You are viewing a plain text version of this content. The canonical link for it is here.
Posted to commits@arrow.apache.org by ne...@apache.org on 2021/08/08 07:57:25 UTC
[arrow-rs] branch master updated: allocate enough bytes when
writing booleans (#658)
This is an automated email from the ASF dual-hosted git repository.
nevime pushed a commit to branch master
in repository https://gitbox.apache.org/repos/asf/arrow-rs.git
The following commit(s) were added to refs/heads/master by this push:
new 75432ed allocate enough bytes when writing booleans (#658)

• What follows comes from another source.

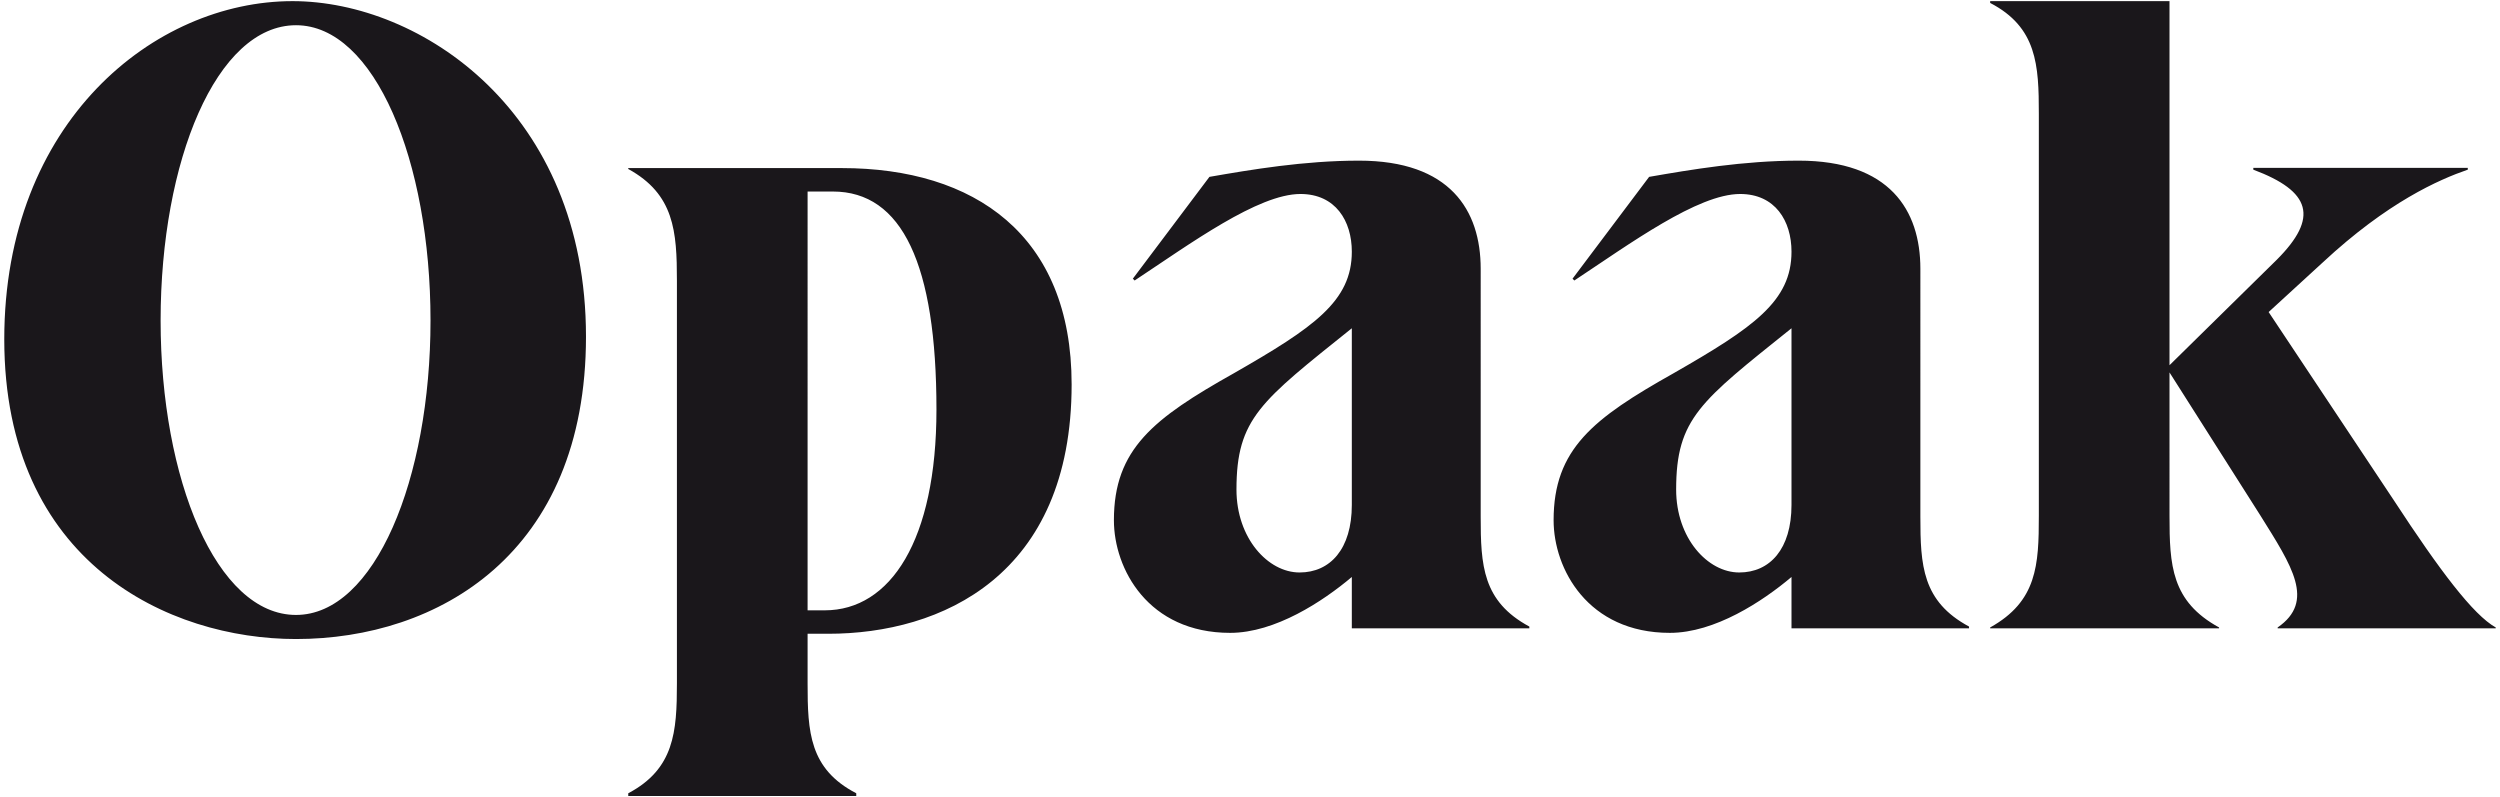 <svg version="1.0" xmlns="http://www.w3.org/2000/svg" width="586.77" height="187.09"><path fill="#1A171B" d="M585.768 147.479v-.211c-5.288-2.961-13.113-13.324-23.898-29.822L532.468 73.24l12.691-11.634c15.227-14.171 27.284-19.458 34.051-21.785v-.423h-50.339v.423c13.537 5.077 15.441 11.209 5.5 21.151L509.2 85.719V.269h-42.091v.423c10.998 5.71 11.422 14.593 11.422 26.016v94.333c0 11.633-.424 20.094-11.422 26.227v.211h53.725v-.211c-11.21-6.133-11.634-14.594-11.634-26.227V87.41l21.364 33.631c7.402 11.846 12.902 20.094 4.018 26.227v.211h51.186zm-165.289 0h41.67v-.422c-10.999-5.922-11.422-14.383-11.422-25.805V63.087c0-13.747-7.192-25.382-28.553-25.382-12.906 0-25.385 2.116-35.112 3.808l-17.977 23.901.423.423c13.111-8.672 28.976-20.305 38.915-20.305 8.248 0 12.056 6.346 12.056 13.537 0 11.633-8.882 17.767-27.706 28.553-18.824 10.577-28.13 17.769-28.13 34.478 0 11.422 8.037 26.439 27.284 26.439 10.576 0 21.785-7.404 28.552-13.115v12.055zm0-28.977c0 10.365-5.073 15.863-12.265 15.863-7.404 0-14.808-8.037-14.808-19.459 0-16.707 5.711-20.726 27.072-37.859v41.455h.001zm-103.195 28.977h41.665v-.422c-10.996-5.922-11.419-14.383-11.419-25.805V63.087c0-13.747-7.193-25.382-28.556-25.382-12.901 0-25.381 2.116-35.111 3.808l-17.978 23.901.424.423c13.111-8.672 28.975-20.305 38.917-20.305 8.248 0 12.058 6.346 12.058 13.537 0 11.633-8.887 17.767-27.71 28.553-18.824 10.577-28.13 17.769-28.13 34.478 0 11.422 8.038 26.439 27.285 26.439 10.576 0 21.787-7.404 28.555-13.115v12.055zm0-28.977c0 10.365-5.078 15.863-12.269 15.863-7.405 0-14.806-8.037-14.806-19.459 0-16.707 5.709-20.726 27.074-37.859v41.455h.001zm-65.763-28.288c0-35.111-22.843-50.763-53.935-50.763h-50.128v.212c10.788 5.923 11.421 14.594 11.421 26.228v94.49c0 11.422-.634 20.096-11.421 25.807v.635h53.513v-.635c-10.999-5.711-11.422-14.385-11.422-25.807V148.75h4.865c26.438 0 57.107-13.564 57.107-58.536zm-31.727 5.923c0 30.668-10.787 47.113-26.227 47.113h-4.018V44.952h5.922c16.287 0 24.323 17.131 24.323 51.185zm-82.258-17.136C137.536 26.234 98.79.268 68.654.268c-32.39 0-67.652 28.268-67.652 79.361 0 52.558 38.747 70.357 68.473 70.357 33.212 0 68.061-19.892 68.061-70.985zm-36.491-3.769c0 37.273-13.12 69.1-31.571 69.1-18.655 0-31.776-31.826-31.776-69.1 0-37.48 13.121-69.311 31.776-69.311 18.451.001 31.571 31.831 31.571 69.311z"/></svg>

75432ed is described below
commit 75432edb05ff001481df728607fc5b9be969c266
Author: Ben Chambers <35...@users.noreply.github.com>
AuthorDate: Sun Aug 8 00:57:17 2021 -0700
allocate enough bytes when writing booleans (#658)
* allocate enough bytes when writing booleans
* round up to nearest multiple of 256
---
parquet/src/arrow/arrow_writer.rs | 28 +++++++++++++++++++++++++++-
parquet/src/data_type.rs | 8 +++++++-
2 files changed, 34 insertions(+), 2 deletions(-)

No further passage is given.